To date, more than 85 countries are using the INFF approach to identify financing needs and opportunities, develop policy reform agendas, and embed sovereign financing strategies within national institutions to mobilise, align and derisk public and private investment in their NDPs, NDCs and NBSAPs. INFFs are led by ministries of finance and have to date leveraged and aligned tens of billions of dollars with national plans.

Country platforms are mechanisms to achieve deep systemic transformation towards goals identified in national strategies. They are embedded at the highest levels of government and within other national and subnational institutions, including national development banks.

They build bankable project pipelines and link them with financing partners and policy reforms under a clear and credible financing strategy, and continue to coordinate partners throughout the implementation process. All of this is done in concert with international partners but with country leadership and ownership grounded throughout the platform.

INFFs and country platforms are complementary: the INFFs shape financing frameworks while country platforms deliver investment in specific sectoral and thematic priorities. While their starting points differ, together the approaches offer a comprehensive package: country platforms will often include systemic policy reforms to ensure the financing and delivery of their objectives, and may even catalyse such reforms where INFFs are less developed.

Conversely, in countries that have grappled with an INFF already and worked out the high-level strategies needed for their national priorities, country platforms may be a simple delivery mechanism to realise investment in key priorities within them.

The emphasis on country ownership is not to suggest that there is no place for international partners in national development. On the contrary, these partners – especially the multilateral development banks (MDBs), but also government partners, the private sector, national development banks, civil society and technical advisory – all have critical roles to play at every stage, from funding and financing to technical support and coordination. The key point is that they offer their support upon request, and as requested.

Progress towards this ideal is underway in different aspects of international architecture reform – most prominently in the ‘G20 Roadmap towards better, bigger and more effective MDBs’ launched under Brazil’s G20 presidency and the supporting statements of the MDBs themselves – as well as the Global Financing Playbook launched under the Sevilla Platform for Action.  But there is much still to be done.

The formalisation of South-South cooperation would help. There is sometimes an imbalance between individual countries, which may not have a clear idea of their neighbours’ experience of development practices, and the international organisations that seek to replicate their programmes in different contexts.

Governments with existing country platforms – Brazil and South Africa in particular, with their respective COP30 and G20 presidencies – are attempting to redress this balance by sharing their experience and supporting prospective countries to develop their own platforms.

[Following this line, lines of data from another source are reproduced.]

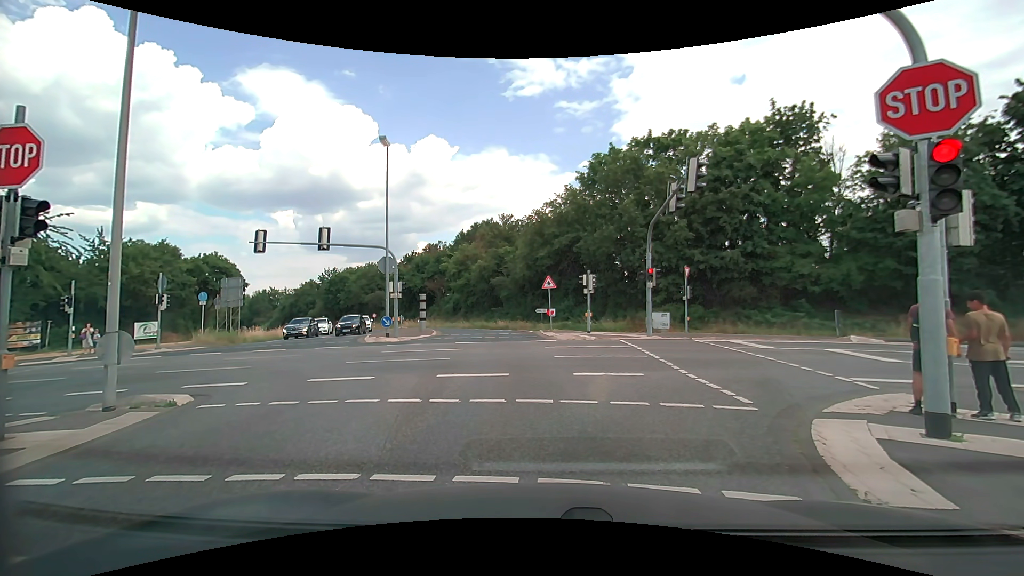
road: secondary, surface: asphalt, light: Day
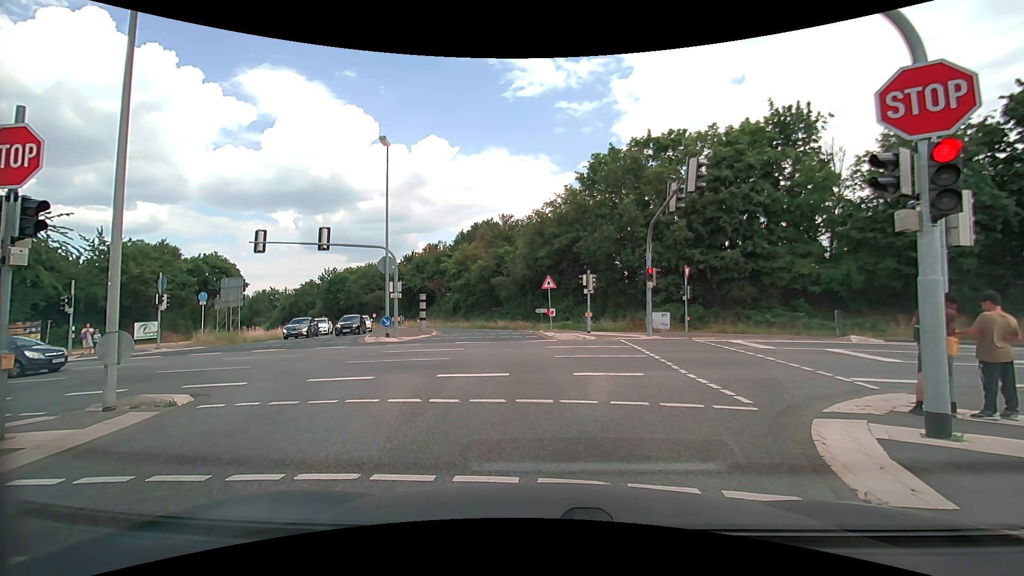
(0.0, 0.0) m; 0°
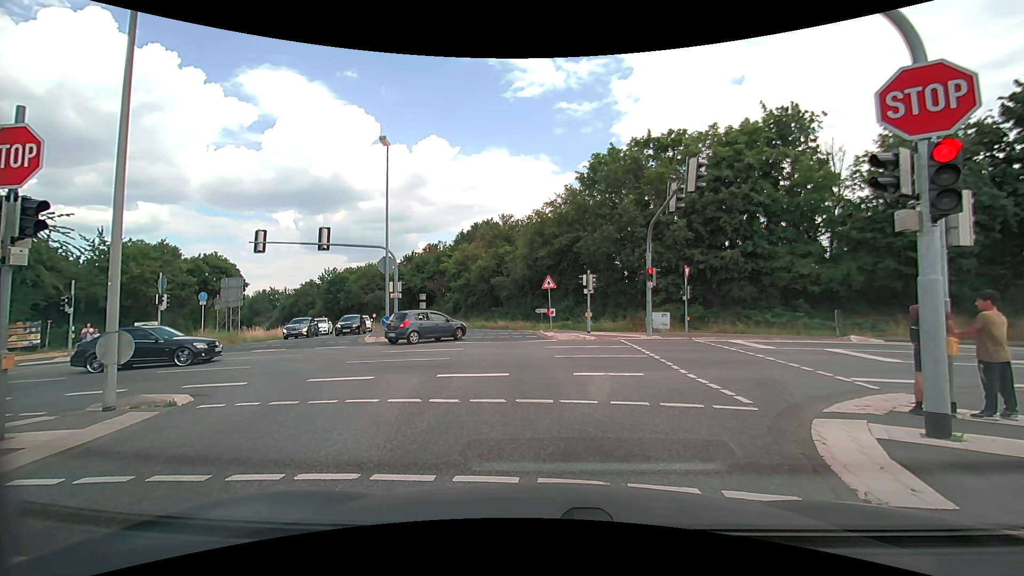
(0.0, 0.0) m; 0°
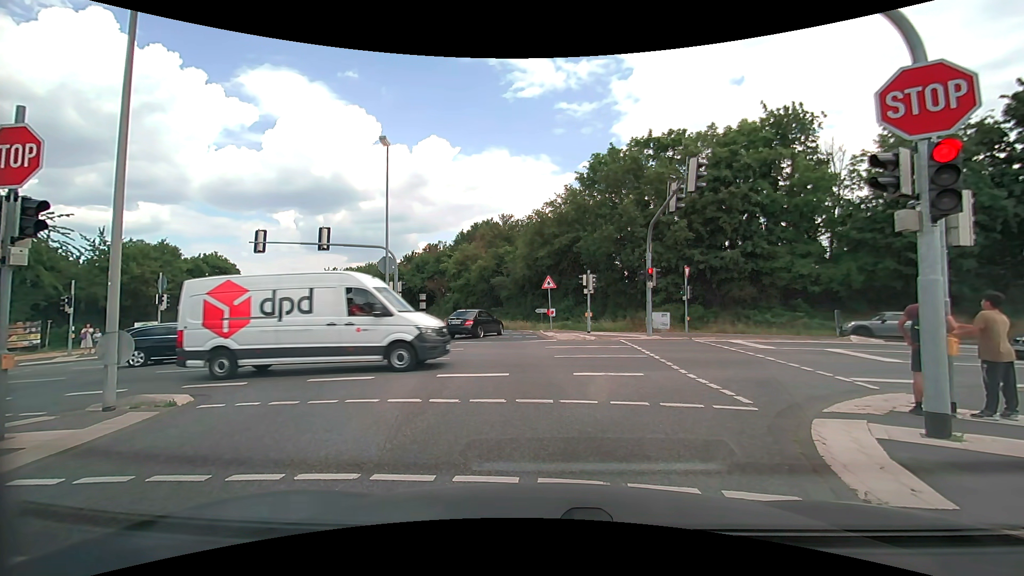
(0.0, 0.0) m; 0°
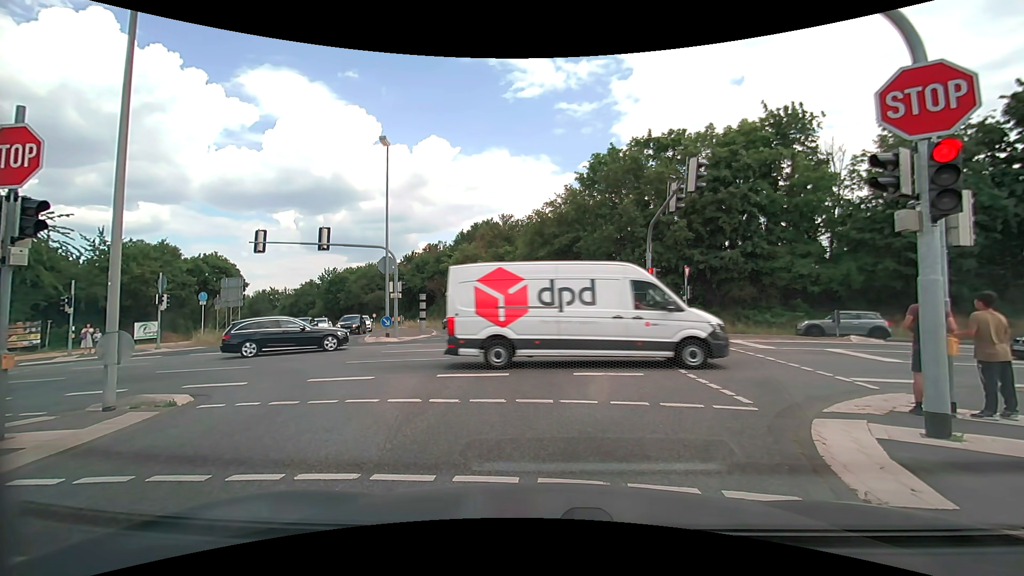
(0.0, 0.0) m; 0°
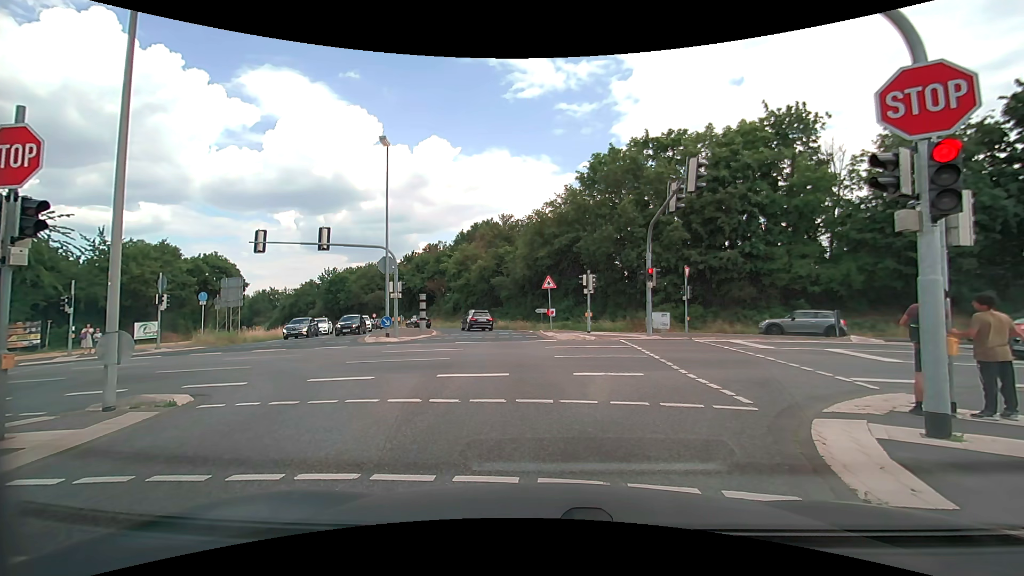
(0.0, 0.0) m; 0°
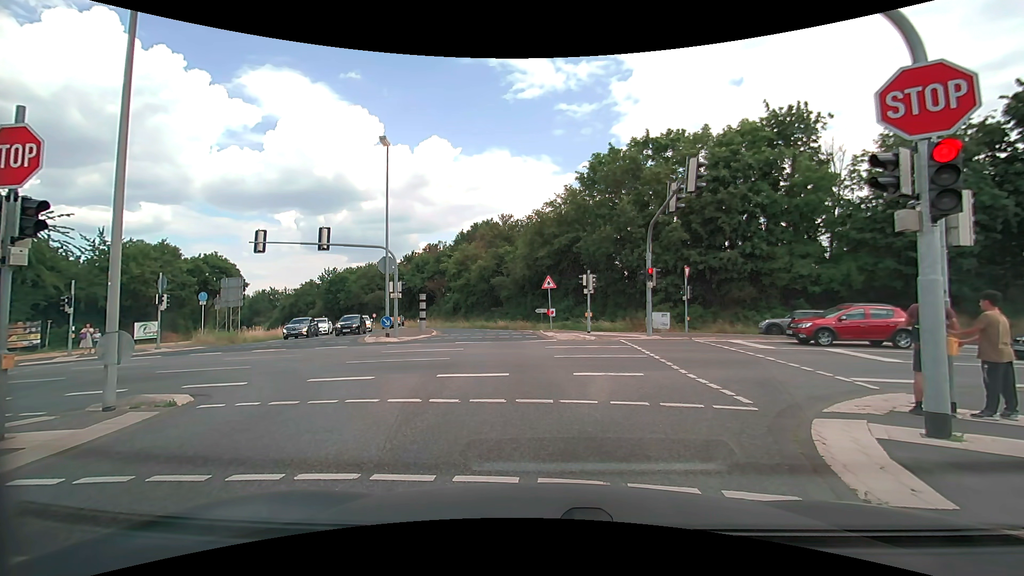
(0.0, 0.0) m; 0°
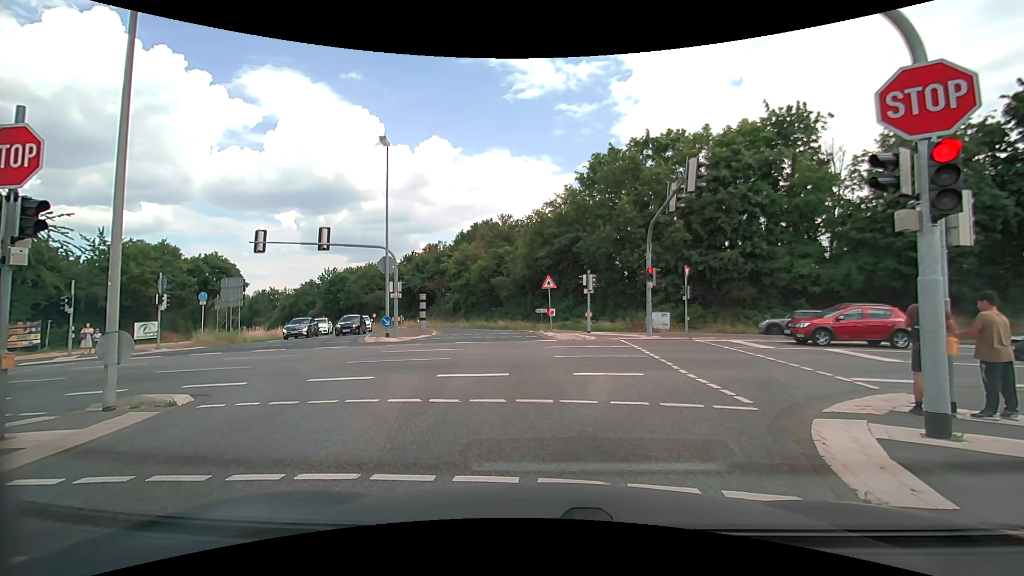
(0.0, 0.0) m; 0°
(-1, +10) (-2, +20) (-4, +30) (-7, +39) (-10, +49) (-15, +57) (-21, +66) (-26, +74) (-32, +82) (-39, +90) m

Many governments have been sharing their INFF experiences regionally and globally in the same way. But more systematic exchange of knowledge and experience is needed to make sure countries can learn from each other and develop this emerging community of practice into a pillar of global cooperation.

FFD4 represents a pivotal moment to strengthen support for country leadership on financing and the principle of country ownership. It also forms a key milestone on the road to COP30 in Belém, with its strategic focus on country platforms, reinforcing the call for integrated, nationally driven solutions that bridge climate, nature and development finance. Now is the time to reinforce these principles in the development agenda. And, this time, to make it systematic.

Crispian Olver is Deputy Chairperson of the Presidential Climate Commission of Republic of South Africa. Tom Beloe is Director of UNDP Sustainable Finance Hub.